____ MATERIAL SHOWN

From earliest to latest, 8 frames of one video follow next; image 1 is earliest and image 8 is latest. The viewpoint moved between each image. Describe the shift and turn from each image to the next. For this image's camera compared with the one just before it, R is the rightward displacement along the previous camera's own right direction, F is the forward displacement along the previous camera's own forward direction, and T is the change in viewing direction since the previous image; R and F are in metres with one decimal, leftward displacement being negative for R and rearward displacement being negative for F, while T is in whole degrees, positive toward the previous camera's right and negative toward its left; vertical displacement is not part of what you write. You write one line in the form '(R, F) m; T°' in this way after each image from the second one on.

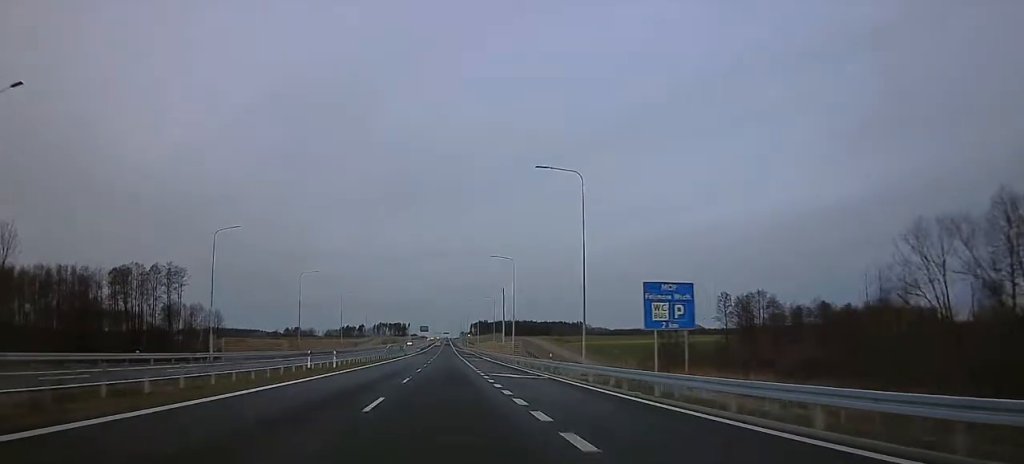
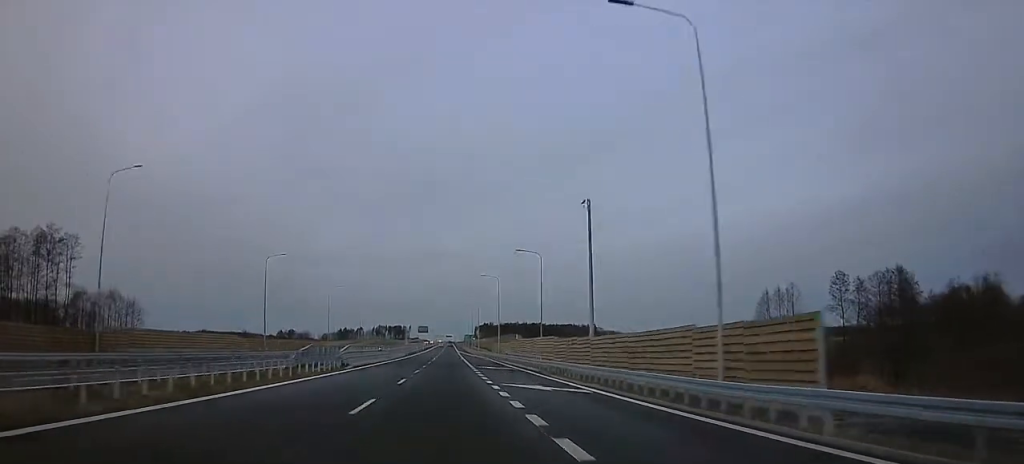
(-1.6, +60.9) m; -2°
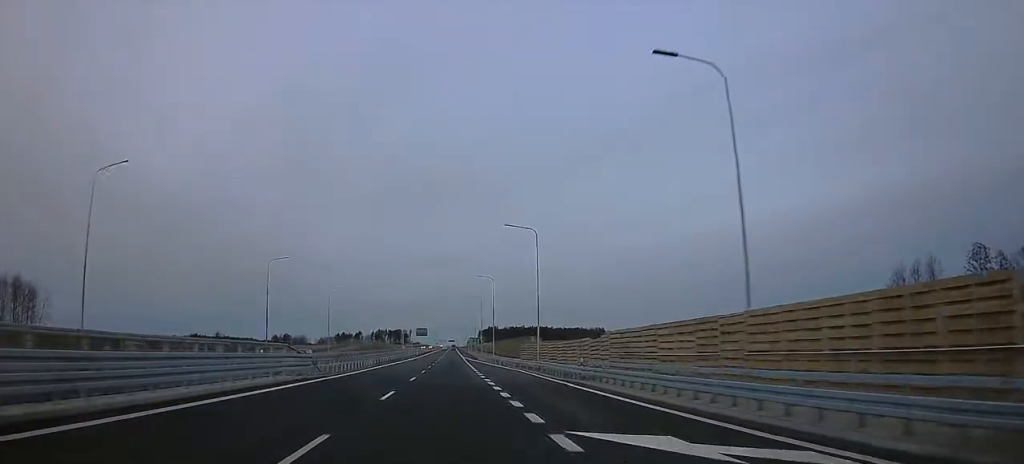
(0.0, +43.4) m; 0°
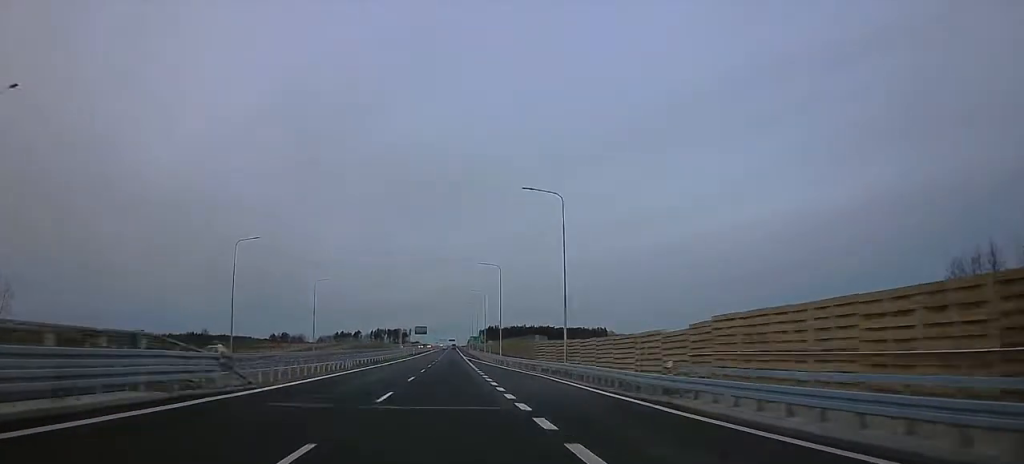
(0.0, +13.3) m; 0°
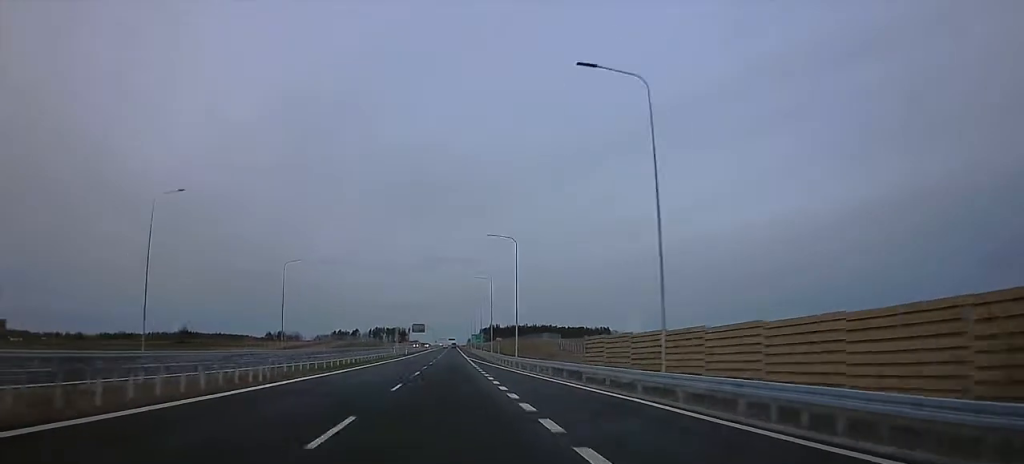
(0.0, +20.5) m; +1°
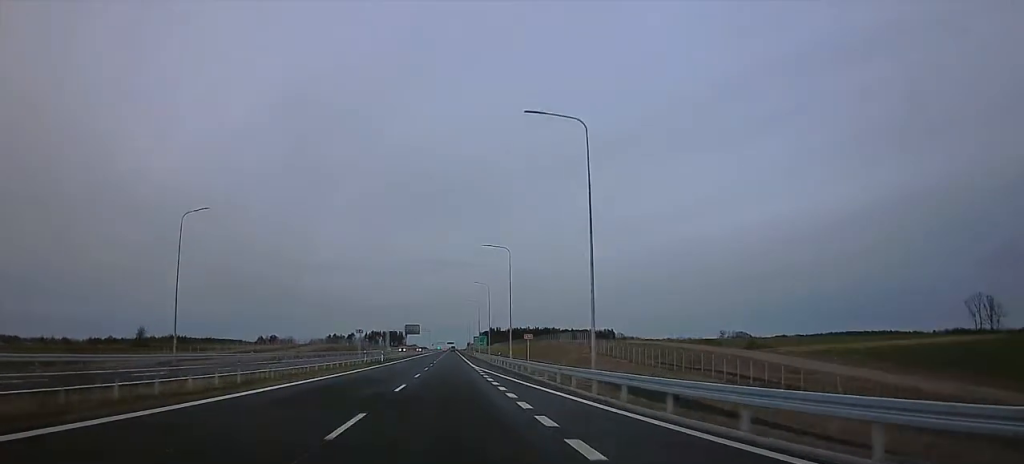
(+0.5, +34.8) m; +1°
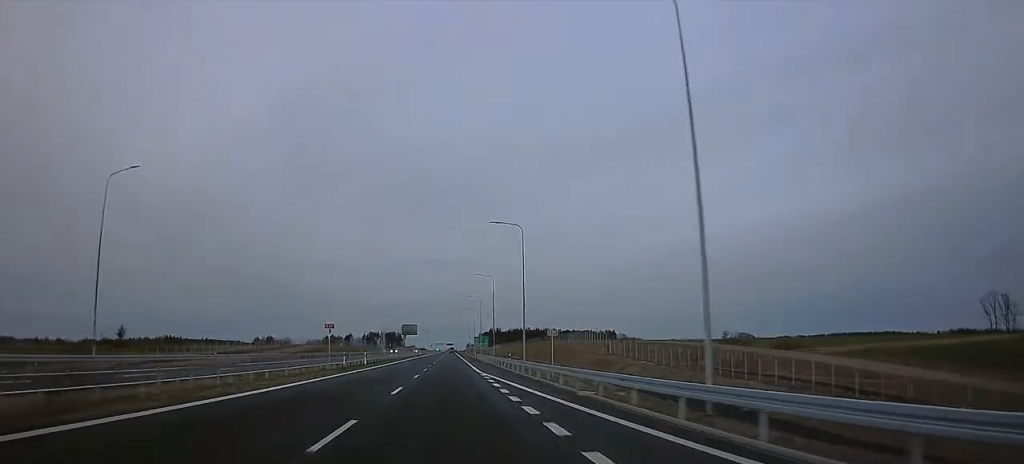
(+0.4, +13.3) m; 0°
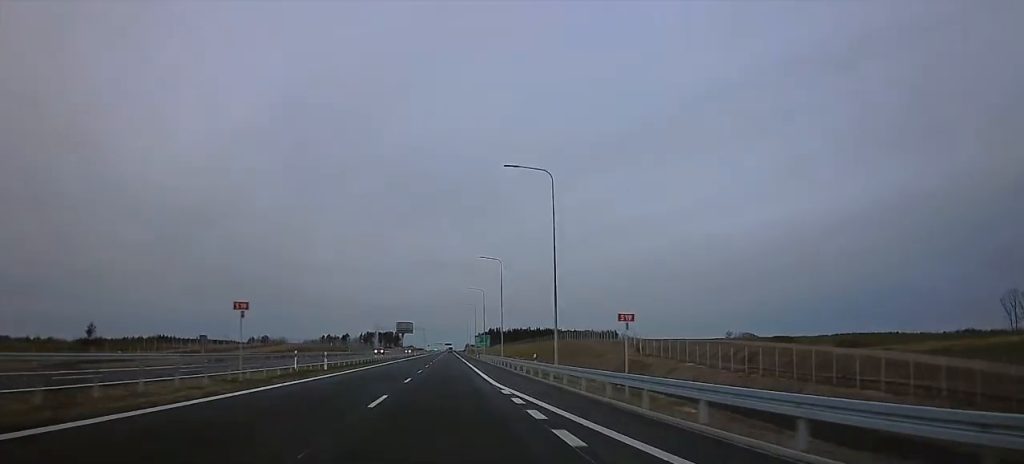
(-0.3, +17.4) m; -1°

________
____ MATERIAL SHOWN

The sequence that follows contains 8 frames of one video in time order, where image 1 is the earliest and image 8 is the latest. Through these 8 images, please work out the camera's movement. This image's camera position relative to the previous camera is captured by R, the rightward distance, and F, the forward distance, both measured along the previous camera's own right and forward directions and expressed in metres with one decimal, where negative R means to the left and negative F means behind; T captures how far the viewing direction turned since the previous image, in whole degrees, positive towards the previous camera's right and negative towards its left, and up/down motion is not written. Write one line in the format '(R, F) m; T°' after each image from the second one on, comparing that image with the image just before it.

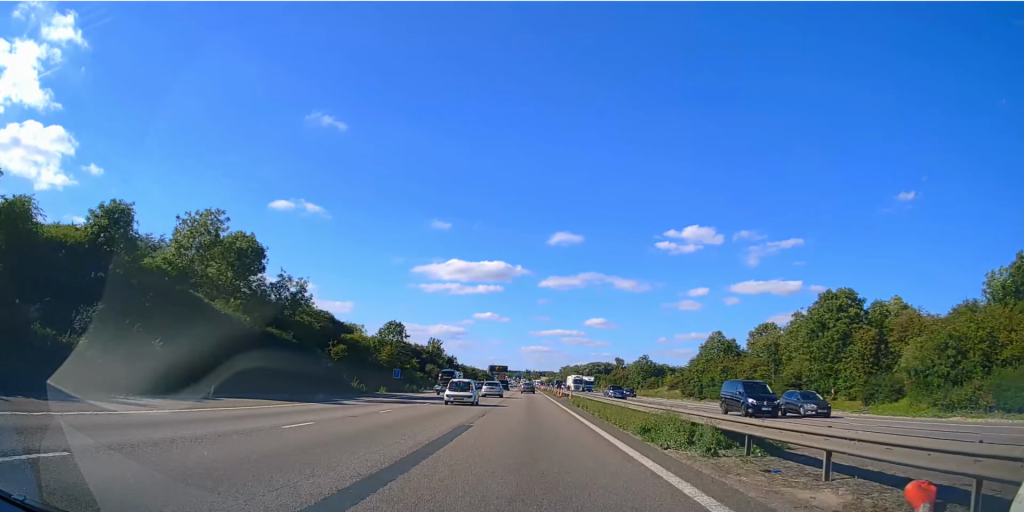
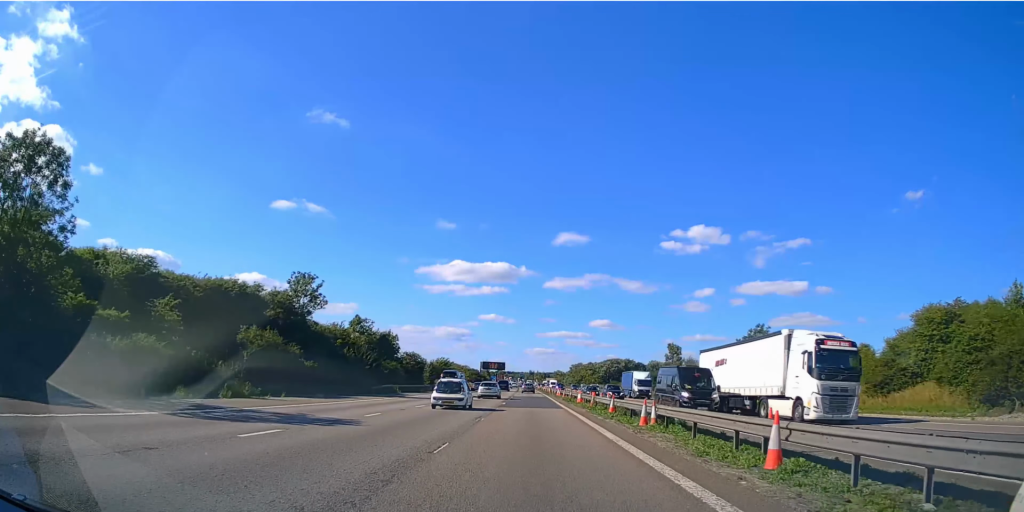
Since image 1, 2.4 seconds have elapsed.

________
____ MATERIAL SHOWN

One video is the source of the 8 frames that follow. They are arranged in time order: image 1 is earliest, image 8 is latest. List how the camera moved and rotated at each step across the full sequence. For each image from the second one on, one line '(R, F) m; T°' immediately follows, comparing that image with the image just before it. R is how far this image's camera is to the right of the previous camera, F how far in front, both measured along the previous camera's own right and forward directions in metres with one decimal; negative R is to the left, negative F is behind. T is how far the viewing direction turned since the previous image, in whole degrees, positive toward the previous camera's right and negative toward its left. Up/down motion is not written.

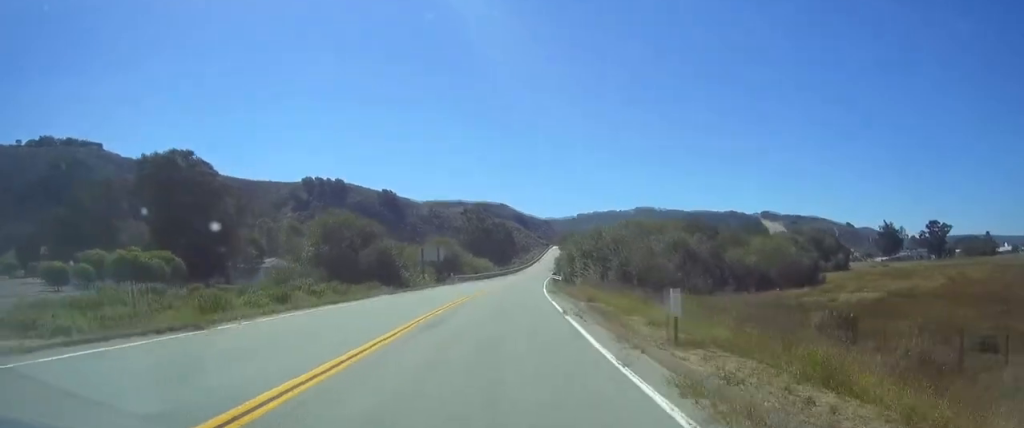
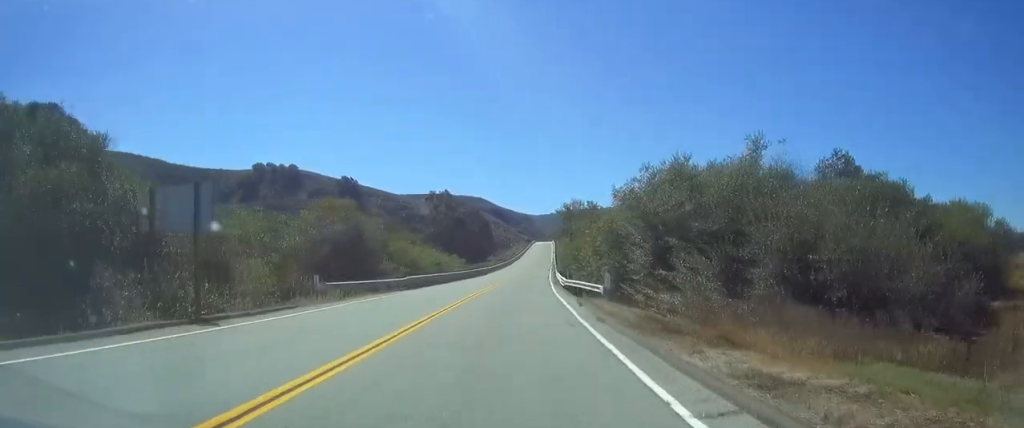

________

* [HOW TO COMPLETE THIS TASK] Would you please return all lines from the listing above that contain "measured"?

* [YOUR RESPONSE]
The sequence that follows contains 8 frames of one video in time order, where image 1 is the earliest and image 8 is the latest. Through these 8 images, please work out the camera's movement. This image's camera position relative to the previous camera is captured by R, the rightward distance, and F, the forward distance, both measured along the previous camera's own right and forward directions and expressed in metres with one decimal, where negative R means to the left and negative F means behind; T captures how far the viewing direction turned since the previous image, in whole degrees, positive towards the previous camera's right and negative towards its left, and up/down motion is not written. Write one line in the format '(R, F) m; T°' after each image from the second one on, comparing that image with the image just before it.
One video is the source of the 8 frames that follow. They are arranged in time order: image 1 is earliest, image 8 is latest. List how the camera moved and rotated at each step across the full sequence. For each image from the second one on, one line '(R, F) m; T°' immediately follows, comparing that image with the image just before it. R is how far this image's camera is to the right of the previous camera, F how far in front, both measured along the previous camera's own right and forward directions in metres with one decimal; negative R is to the left, negative F is behind. T is how far the viewing direction turned since the previous image, in whole degrees, positive toward the previous camera's right and negative toward its left. Up/down motion is not written.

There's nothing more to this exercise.